Thank you again for your submission. We hope that our editorial process has been constructive so far, and we welcome your feedback at any time. Please don't hesitate to contact us if you have any questions or comments.

Sincerely,

Tamar Schlick

Associate Editor

PLOS Computational Biology

Nir Ben-Tal

Deputy Editor

PLOS Computational Biology

***********************

Reviewer's Responses to Questions

Comments to the Authors:

Please note here if the review is uploaded as an attachment.

Reviewer #1: This is an important paper in the difficult pursuit of finding structural elements in sequence alignments. Sequence alignments are extremely powerful for establishing 2D helical regions maintained by complementary Watson-Crick pairs with GU wobbles (and the 2D structures for all “ancillary” RNAs were deduced in this way). This is based on covariations or exchanges, during evolution, between the structurally similar Watson-Crick pairs. RNAs with sequences highly conserved throughout phylogeny form therefore a difficult case.
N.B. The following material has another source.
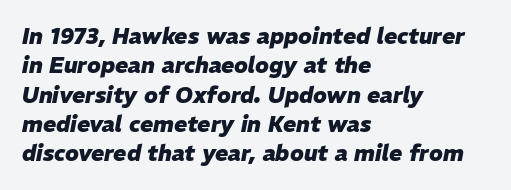
If you measured baseline to baseline, you'd find a middling distance. Looking at the ascenders, they clearly lean. The rendering keeps characters at their native spacing. Words float on clear page, feet unadorned. Typographic density is high because the face is bold. The rag falls on the right side of this text block.

Also, the extraction of information about bases that form 3D pairs is delicate because they generally are highly conserved and do not covary strictly speaking. This has been achieved with good alignments displaying enough sequence variation. For large structures, this can be reached especially when coupled with real space molecular assembly and experimental data (mutations, chemical probing,…) in order to restrict the search range for covariations (as in JMB 216,585(90), Science 254, 853 (91), JMB 279, 773 (98)). Here, the author exploits astutely sophisticated statistical analysis to obtain reliable 2D structures with potential 3D information.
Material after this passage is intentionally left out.